Learn ARM or some other RISC architecture and not x86/amd64 if you want to learn assembly. x86 and its forever backwards compatable Segmented Memory/CISC architecture makes asm programming painful (not to mention I have learned at least three different syntaxes for x86 asm : (1) MASM/BASM/TASM/NASM, (2) GNU AS (gas), (3) Amsterdam Compiler Kit -- the last two are meant for compiler backends and not human programmers).

I actually cut my teeth on TI's TMS34010 asm. Simple RISC (lot's of registers), flat address space, and bit addressable. I loved it.


Garrch, when I hear bit-addressable I get a twitch since a had to spend a night debugging a RISC system that was failing because a class of RAM didn't work with bit addressable instructions, the system was huge, the error cascaded strangely and the information was hidden somewhere in the 2000 page datasheet.


I can recommend MIPS assembly. It has been the only assembly I've used that actually felt like it was intended for human consumption.

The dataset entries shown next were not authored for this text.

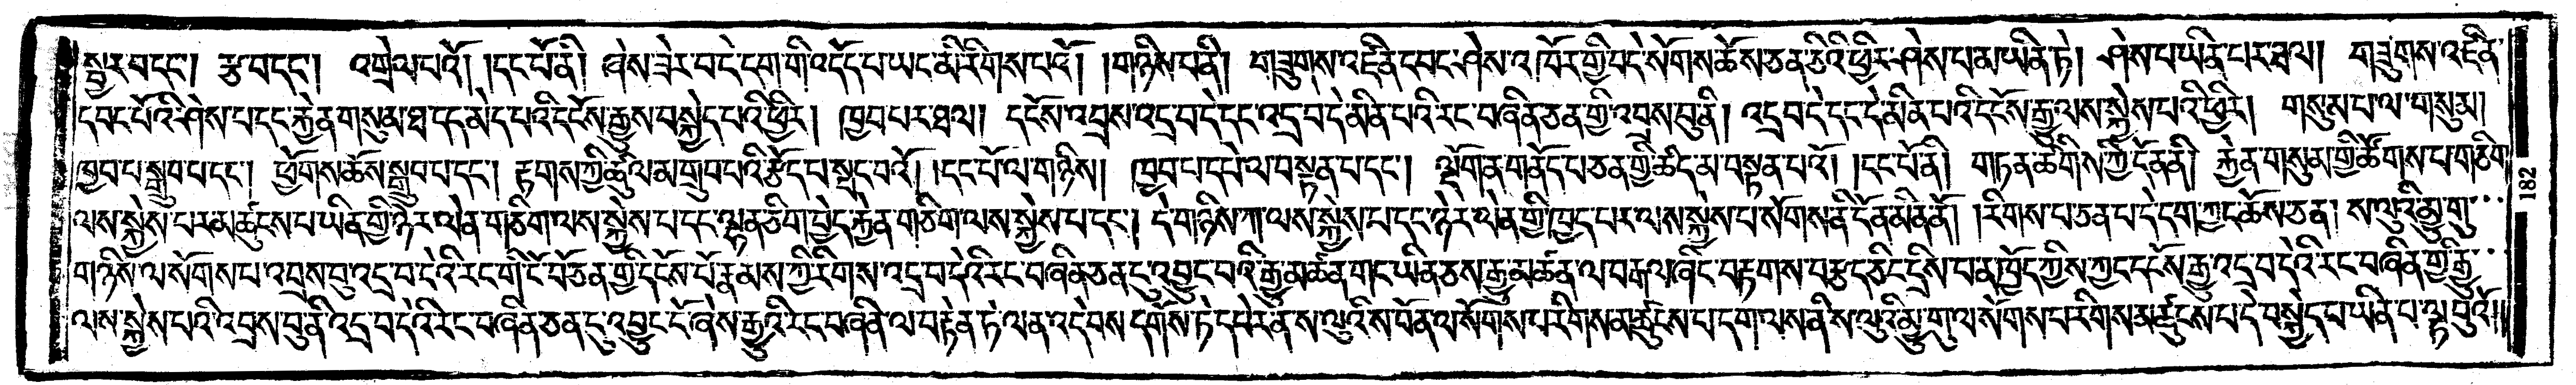སྦྱར་བ་དང་། རྩ་བ་དང་། འགྲེལ་པའོ། །དང་པོ་ནི། ཞེས་ཟེར་བ་དེ་དག་གི་འདོད་པ་ཡང་མི་རིགས་པའོ། །གཉིས་པ་ནི། གཟུགས་འཛིན་དབང་ཤེས་འཁོར་གྱི་བདེ་སོགས་ཆོས་ཅན་ཅིའི་ཕྱིར་ཤེས་པ་མ་ཡིན་ཏེ། ཤེས་པ་ཡིན་པར་ཐལ། གཟུགས་འཛིན་
དབང་པོའི་ཤེས་པ་དང་རྐྱེན་གསུམ་ཐ་དད་མེད་པའི་དངོས་རྒྱུས་བསྐྱེད་པའི་ཕྱིར། ཁྱབ་པར་ཐལ། དངོས་འབྲས་འདྲ་བ་དེ་དང་འདྲ་བ་དེ་མིན་པའི་རང་བཞིན་ཅན་གྱི་འབྲས་བུ་ནི། འདྲ་བ་དེ་དང་དེ་མིན་པའི་དངོས་རྒྱུ་ལས་སྐྱེས་པའི་ཕྱིར། གསུམ་པ་ལ་གསུམ།
ཁྱབ་པ་སྒྲུབ་པ་དང་། ཕྱོགས་ཆོས་སྒྲུབ་པ་དང་། རྟགས་ཀྱི་ཚུལ་མ་གྲུབ་པའི་རྩོད་པ་སྤང་བའོ། །དང་པོ་ལ་གཉིས། ཁྱབ་པ་དཔེ་ལ་བསྟན་པ་དང་། ལྡོག་ན་གནོད་པ་ཅན་གྱི་ཚད་མ་བསྟན་པའོ། །དང་པོ་ནི། གཏན་ཚིགས་ཀྱི་དོན་ནི། རྐྱེན་གསུམ་གྱི་ཚོགས་པ་གཅིག་
ལས་སྐྱེས་པར་མཚུངས་པ་ཡིན་གྱི་ཉེར་ལེན་གཅིག་ལས་སྐྱེས་པ་དང་ལྷན་ཅིག་བྱེད་རྐྱེན་གཅིག་ལས་སྐྱེས་པ་དང་། དེ་གཉིས་ཀ་ལས་སྐྱེས་པ་དང་ཉེར་ལེན་གྱི་ཁྱད་པར་ལས་སྐྱེས་པ་སོགས་ནི་དོན་མིན་ནོ། །རིགས་པ་ཅན་པ་དེ་དག་ཀྱང་ཆོས་ཅན། ས་ལུའི་མྱུ་གུ་
གཉིས་ལ་སོགས་པ་འབྲས་བུ་འདྲ་བ་དེའི་རང་གི་ངོ་བོ་ཅན་གྱི་དངོས་པོ་རྣམས་ཀྱི་རིགས་འདྲ་བ་དེའི་རང་བཞིན་ཅན་དུ་འབྱུང་བའི་རྒྱུ་མཚན་གང་ཡིན་ཅས་རྒྱུ་མཚན་ལ་བརྒལ་ཞིང་བརྟགས་བརྩད་ཅིང་དྲིས་པ་ན་ཁྱོད་ཀྱིས་ཀྱང་དངོས་རྒྱུ་འདྲ་བ་དེའི་རང་བཞིན་གྱི་རྒྱུ་
ལས་སྐྱེས་པའི་འབྲས་བུ་ནི་འདྲ་བ་དེའི་རང་བཞིན་ཅན་དུ་འབྱུང་ངོ་ཞེས་རྒྱུའི་རང་བཞིན་ལ་བརྟེན་ཏེ་ལན་འདེབས་དགོས་ཏེ་དཔེར་ན་ས་ལུའི་ས་བོན་ལ་སོགས་པ་རིགས་མཚུངས་པ་དག་ལས་ནི་ས་ལུའི་མྱུ་གུ་ལ་སོགས་པ་རིགས་མཚུངས་པ་དེ་བསྐྱེད་པ་ཡིན་པ་ལྟ་བུའོ།།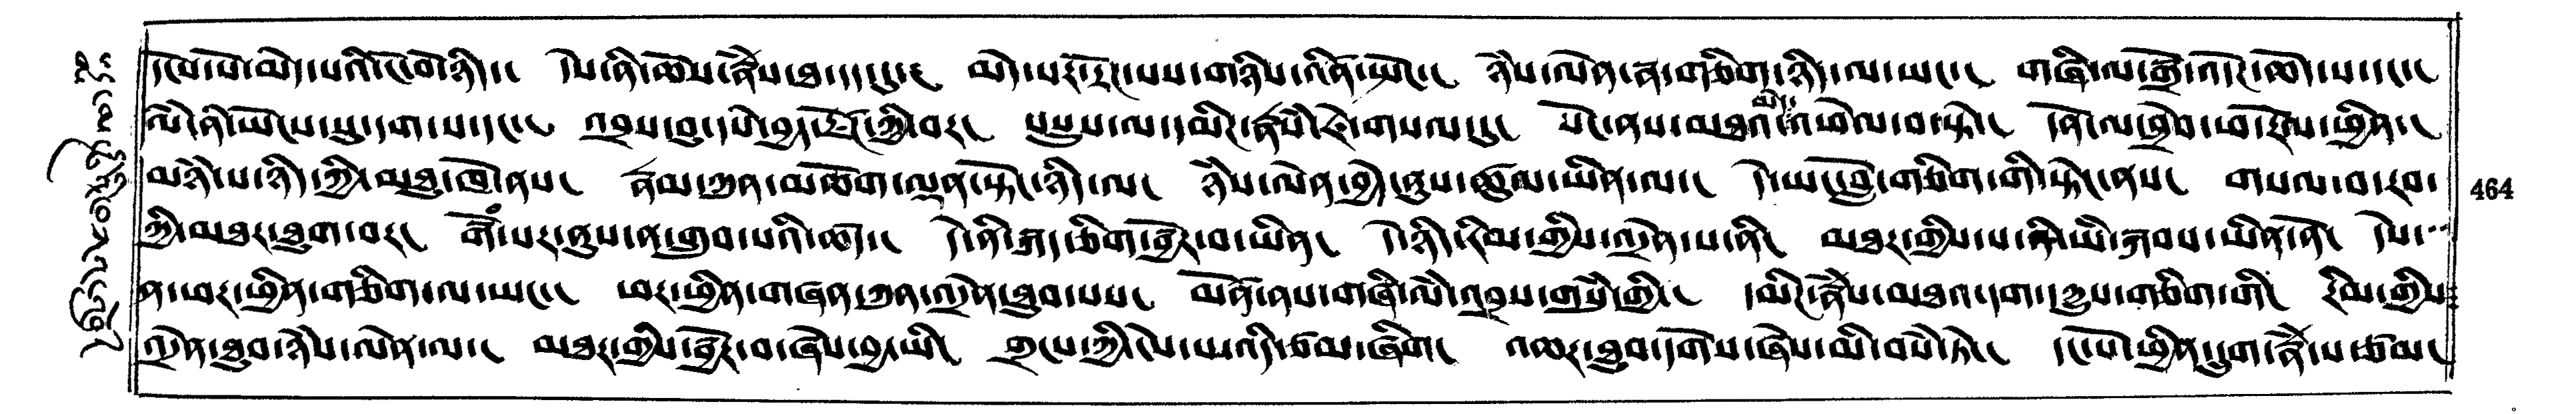དངོས་པོ་མེད་པའི་ངོ་བོ་ཉིད། །དེས་ནི་ཆོས་རྣམས་ཐ་དད་དུ། །མེད་པར་རྟོགས་པས་གཉིས་འཛིན་སྤོང་། །ཉམས་ལེན་སྣ་གཅིག་ཉིད་ལ་ཡང་། །གཞི་ལ་སྒྲོ་འདོགས་ཆོད་པ་དང་། །
ལམ་ནི་ཡོངས་སུ་དག་པ་དང་། །འབྲས་བུ་དཔེ་བྱད་རྫོགས་ཀྱི་བར། །བསྡུས་ལ་དམིགས་རྣམ་ཇེ་གསལ་དུ། །སོང་ནས་མཐའ་མེད་འཕེལ་བ་སྟེ། །དོན་ལ་ཤེས་རབ་ཕ་རོལ་ཕྱིན། །
མཉམ་པ་ཉིད་ཀྱི་མཐུ་ཁོ་ནས། །རྣམ་ཀུན་མཆོག་ལྡན་སྟོང་ཉིད་ལ། །ཉམས་ལེན་བྱེད་ནུས་ཚུལ་ཡིན་ལ། །དེ་ཡང་བློ་གཅིག་གི་སྟེང་ནས། །གསལ་བ་རབ་
ཀྱི་མཐར་ཐུག་བར། །སྒོམ་པར་ནུས་ན་གྲུབ་པའི་ཚད། །དེ་ནི་སྐད་ཅིག་སྦྱོར་བ་ཡིན། །དེ་ཉིད་རིམ་གྱིས་འདྲེན་པ་ནི། །མཐར་གྱིས་པ་ཡི་སྐབས་ཡིན་ནོ། །དེས་
ན་ཕར་ཕྱིན་གཅིག་ལ་ཡང་། །ཕར་ཕྱིན་གཞན་ཀུན་འདྲེན་ཐུབ་པས། །མཚོན་ནས་གཞི་ལམ་འབྲས་གསུམ་གྱི། །དམིགས་རྣམ་མཐའ་དག་དཀྱུས་གཅིག་གི། །རིམ་གྱིས་
འདྲེན་ཐུབ་ཉམས་ལེན་ལ། །མཐར་གྱིས་སྦྱོར་བ་ཞེས་བྱ་ཡི། །གྲངས་ཀྱི་ངེས་པ་འདི་ཙམ་ཞིག །འཆར་ཐུབ་དགོས་ཞེས་མི་བསམ་སྟེ། །དང་པོ་ཕྱིན་དྲུག་རྣམ་པ་ཙམ།།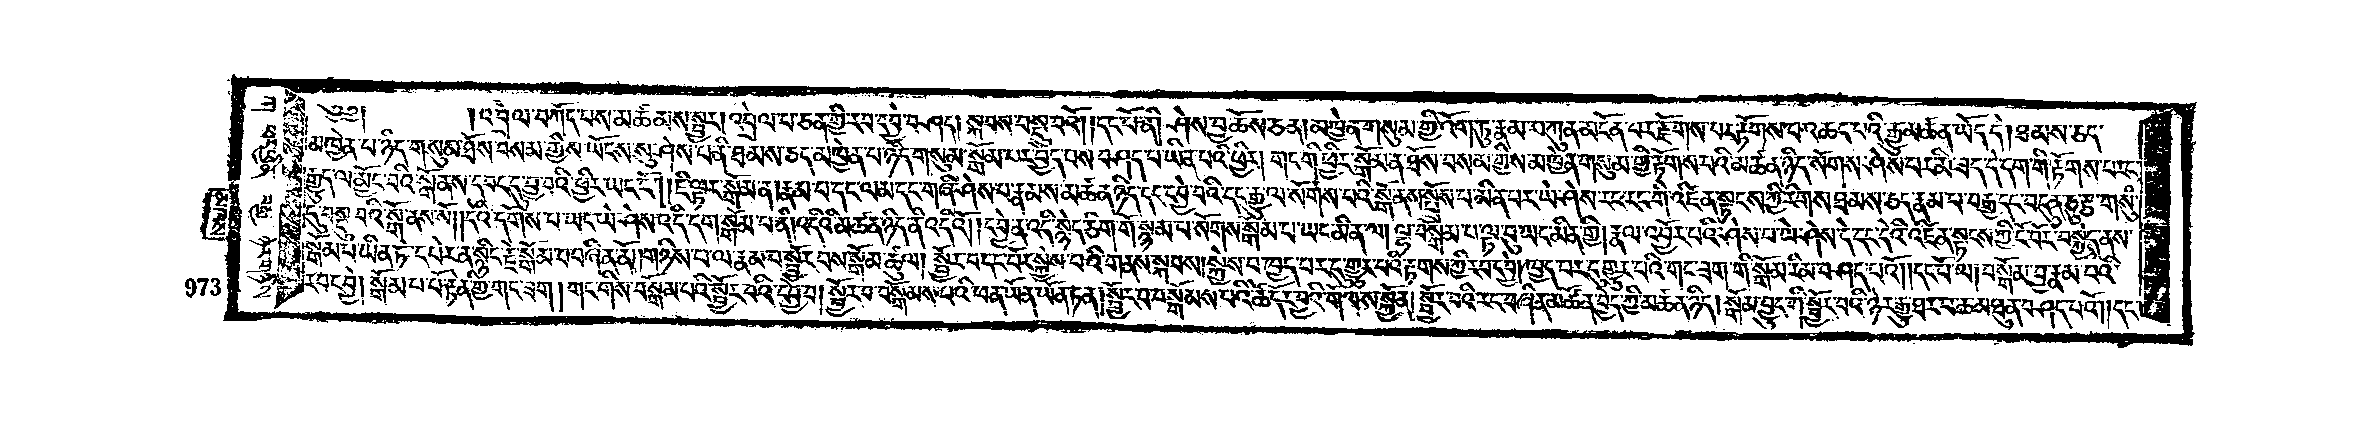༄༅། །འབྲེལ་བཀོད་པས་མཚམས་སྦྱར། འབྲེལ་པ་ཅན་གྱི་རབ་དབྱེ་བཤད། སྐབས་བསྡུ་བའོ། །དང་པོ་ནི། ཤེས་བྱ་ཆོས་ཅན། མཁྱེན་གསུམ་གྱི་འོག་ཏུ་རྣམ་པ་ཀུན་མངོན་པར་རྫོགས་པར་རྟོགས་པ་འཆད་པའི་རྒྱུ་མཚན་ཡོད་དེ། ཐམས་ཅད་
མཁྱེན་པ་ཉིད་གསུམ་ཐོས་བསམ་གྱིས་ཡོངས་སུ་ཤེས་པ་ནི་ཐམས་ཅད་མཁྱེན་པ་ཉིད་གསུམ་སྒོམ་པར་བྱེད་པས་བཤད་པ་ཡིན་པའི་ཕྱིར། གང་གི་ཕྱིར་སྒོམ་ན་ཐོས་བསམ་གྱིས་མཁྱེན་གསུམ་གྱི་རྟོགས་པའི་མཚན་ཉིད་སོགས་ཤེས་པར་མི་ཟད་དེ་དག་གི་རྟོགས་པ་རང་
རྒྱུད་ལ་མྱོང་བའི་སྒོ་ནས་དབང་དུ་བྱ་བའི་ཕྱིར་ཡང་ངོ། །ཇི་ལྟར་སྒོམ་ན། རྣམ་པ་དང་ལམ་དང་གཞི་ཤེས་པ་རྣམས་མཚན་ཉིད་དང་དབྱེ་བའི་དང་རྒྱུ་ལ་སོགས་པའི་སྒོ་ནས་སྤྲོས་པ་མིན་པར་ཡེ་ཤེས་རང་རང་གི་འཛིན་སྟངས་ཀྱི་རིགས་ཐམས་ཅད་རྣམ་པ་བརྒྱ་དང་བདུན་ཅུ་རྩ་གསུམ་
དུ་བསྡུ་བའི་སྒོ་ནས་སོ། །དེའི་དགོས་པ་ཡང་ཡེ་ཤེས་འདི་དག་སྒོམ་པ་ནི། འདིའི་མཚན་ཉིད་ནི་འདིའོ། །དབྱེ་ན་འདི་སྙེད་ཅིག་གོ་སྙམ་པ་སོགས་སྒོམ་པ་ཡང་མིན་ལ། ལྷ་བསྒོམ་པ་ལྟ་བུ་ཡང་མིན་གྱི། རྣལ་འབྱོར་པའི་ཤེས་པ་ཡེ་ཤེས་དེ་དང་དེའི་འཛིན་སྟངས་ཀྱི་ངོ་བོར་བསྐྱེད་ནས་
སྒོམ་པ་ཡིན་ཏེ་དཔེར་ན་སྙིང་རྗེ་སྒོམ་པ་བཞིན་ནོ། །གཉིས་པ་ལ་རྣམ་པ་སྦྱོར་བས་སྒོམ་ཚུལ། སྦྱོར་བ་དང་པོར་སྐྱེས་པའི་གནས་སྐབས། སྐྱེས་བ་ཁྱད་པར་དུ་གྱུར་པའི་རྟགས་ཀྱི་རབ་དབྱེ། ཁྱད་པར་དུ་གྱུར་པའི་གང་ཟག་གི་སྒོམ་རིམ་བཤད་པའོ། །དང་པོ་ལ། བསྒོམ་བྱ་རྣམ་པའི་
རབ་དབྱེ། སྒོམ་པ་པོ་རྟེན་གྱི་གང་ཟག །གང་གིས་བསྒོམ་པའི་སྦྱོར་བའི་དབྱེ་བ། སྦྱོར་བ་བསྒོམས་པའི་ཕན་ཡོན་ཡོན་ཏན། སྦྱོར་བ་བསྒོམས་པའི་ཚེ་དོར་བྱའི་གོལ་ས་སྐྱོན། སྦྱོར་བའི་རང་བཞིན་མཚོན་བྱེད་ཀྱི་མཚན་ཉིད། སྒོམ་བྱུང་གི་སྦྱོར་བའི་ཉེར་རྒྱུ་ཐར་པ་ཆ་མཐུན་བཤད་པའོ། །དང་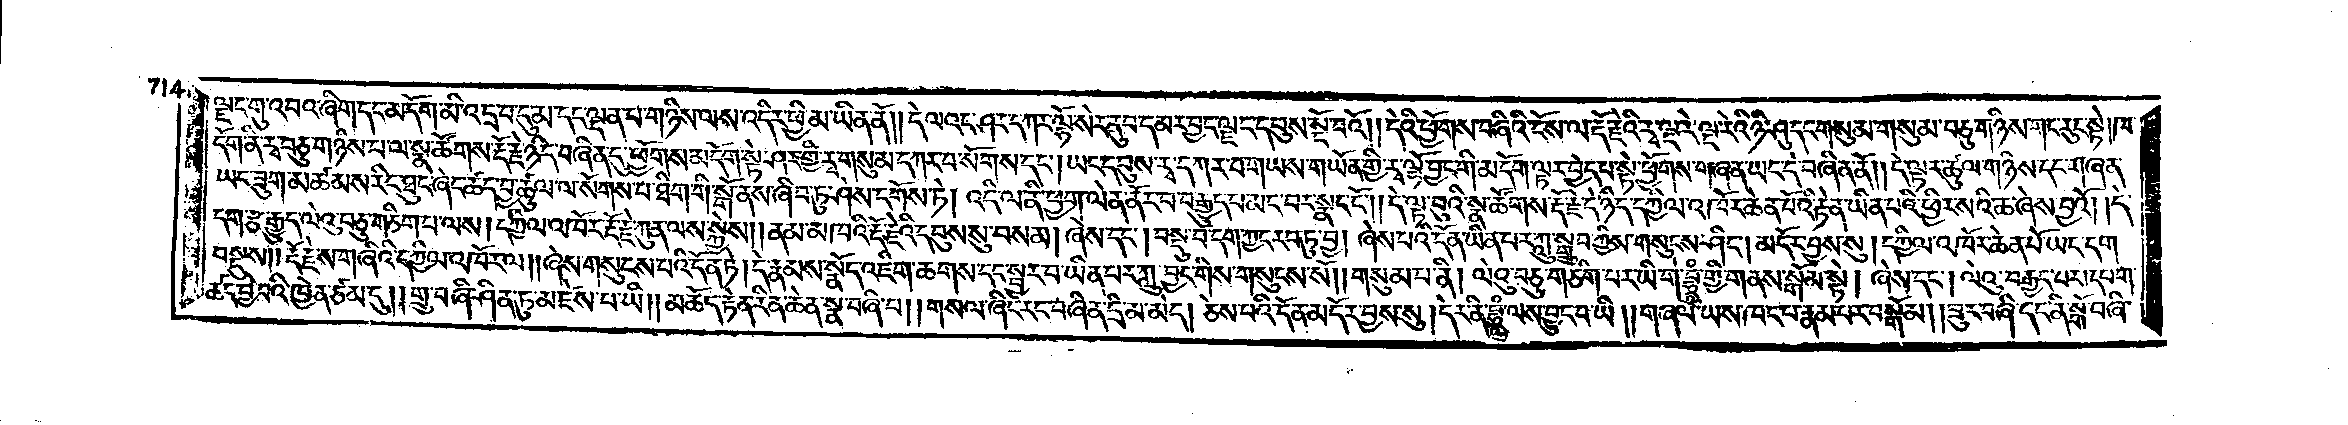ལྗང་གུ་འབའ་ཞིག་དང་མདོག་མི་འདྲ་བ་དུ་མ་དང་ལྡན་པ་གཉིས་ལས་འདིར་ཕྱི་མ་ཡིན་ནོ། །དེ་ལའང་ཤར་དཀར་ལྷོ་སེར་ནུབ་དམར་བྱང་ལྗང་དབུས་སྔོ་བའོ། །དེའི་ཕྱོགས་བཞིའི་ངོས་ལ་རྡོ་རྗེའི་རྭ་ལྔ་རེ་ལྔ་རེའི་ཉི་ཤུ་དང་གསུམ་གསུམ་བཅུ་གཉིས་གང་རུང་སྟེ། ཁ་
དོག་ནི་རྭ་བཅུ་གཉིས་པ་ལ་སྣ་ཚོགས་རྡོ་རྗེ་ཉིད་བཞིན་དུ་ཕྱོགས་མདོག་སྟེ་ཤར་གྱི་རྭ་གསུམ་དཀར་བ་སོགས་དང་། ཡང་དབུས་རྭ་དཀར་བ་གཡས་གཡོན་གྱི་རྭ་ལྷོ་བྱང་གི་མདོག་ལྟར་བྱེད་པ་སྟེ་ཕྱོགས་གཞན་ཡང་དེ་བཞིན་ནོ། །དེ་ལྟར་ཚུལ་གཉིས་དང་གཞན་
ཡང་ཟུག་མཚམས་རིང་ཐུང་ཞེང་ཚད་བྱ་ཚུལ་ལ་སོགས་པ་ཐིག་གི་སྒོ་ནས་ཞིབ་ཏུ་ཤེས་དགོས་ཏེ། འདི་ལ་ནི་ཕྱག་ལེན་ནོར་བ་བརྒྱུད་པ་མང་བར་སྣང་ངོ། །དེ་ལྟ་བུའི་སྣ་ཚོགས་རྡོ་རྗེ་དེ་ཉིད་དཀྱིལ་འཁོར་ཆེན་པོའི་རྟེན་ཡིན་པའི་ཕྱིར་སའི་ཆ་ཞེས་བྱའོ། །དེ་
དག་རྩ་རྒྱུད་ལེའུ་བཅུ་གཅིག་པ་ལས། དཀྱིལ་འཁོར་རྡོ་རྗེ་ཀུན་ལས་སྐྱེས། །ནམ་མཁའི་རྡོ་རྗེའི་དབུས་སུ་བསམ། ཞེས་དང་། བསྡུ་བ་དག་ཀྱང་རབ་ཏུ་བྱ། ཞེས་པའི་དོན་ཡིན་པར་ཀླུ་སྒྲུབ་ཀྱིས་གསུངས་ཤིང་། མདོར་བྱས་སུ། དཀྱིལ་འཁོར་ཆེན་པོ་ཡང་དག་
བསྡུས། །རྡོ་རྗེ་ས་གཞིའི་དཀྱིལ་འཁོར་ལ། །ཞེས་གསུངས་པའི་དོན་ཏེ། དེ་རྣམས་སྣོད་འཇིག་ཆགས་དང་སྦྱར་བ་ཡིན་པར་ཀླུ་བྱང་གིས་གསུངས་སོ། །གསུམ་པ་ནི། ལེའུ་བཅུ་གཅིག་པར་ཡི་གེ་བྷྲཱུཾ་གྱི་གནས་སྒོམ་སྟེ། ཞེས་དང་། ལེའུ་བརྒྱད་པར། དཔག་
ཆད་བྱེ་བའི་ཁྱེན་ཙམ་དུ། །གྲུ་བཞི་ཤིན་ཏུ་མཛེས་པ་ཡི། །མཆོག་རྟེན་རིན་ཆེན་སྣ་བཞི་པ། །གསལ་ཞིང་རང་བཞིན་དྲི་མ་མེད། ཅེས་པའི་དོན་མདོར་བྱས་སུ། དེར་ནི་བྷྲཱུཾ་ལས་བྱུང་བ་ཡི། །གཞལ་ཡས་ཁང་པ་རྣམ་པར་བསྒོམ། །ཟུར་བཞི་དང་ནི་སྒོ་བཞི་

My experience with MIPS is the complete opposite --- simple things like loading a single constant into a register require two instructions, and the lack of addressing modes is also a bit annoying. Breaking dords into bytes and vice-versa involves long sequences of shifts and logical operations, the branch delay slot is confusing to say the least, and the plentiful-yet-unhelpfully-named registers don't really make things any easier. At least ARM's conditional execution and barrel shifter are more interesting and versatile.

Then again, I admittedly learned 8080 and then Z80 and x86 first, so any RISC feels too simple; but those who learned any RISC first probably feel the exact opposite.


> Breaking dords into bytes and vice-versa involves long sequences of shifts and logical operations

modern MIPS has "ext" and "ins", which are probably an improvement in that regard.

> plentiful-yet-unhelpfully-named registers

what's wrong with MIPS register names? my only comparison is x86 and that has been awful. I'm constantly looking up which registers are what.


what's wrong with MIPS register names?

They're not really names, just "addresses" of a different form --- and of course, 0 is not really a register. x86 register names are supposed to be mnemonic, because certain instructions are only usable with, or have shorter forms when used with, the "right" register: Accumulator, Count, Base, Data/Divide, Stack Pointer, Base Pointer, Source Index, Destination Index.


Those explanations for the x86 register mnemonics were great, thanks!

To me the MIPS registers seem pretty logical too, though: $zr for zero, $sp for stack pointer, $a0-3 for arguments, $t0-7 for temporaries and $s0-7 for saved registers. Much better than the plain numbered registers on some assembly flavors.


Agreed.

When I did my undergrad, Ada was the primary language of instruction for first year, with x86 assembler taught as a subject in the second semester.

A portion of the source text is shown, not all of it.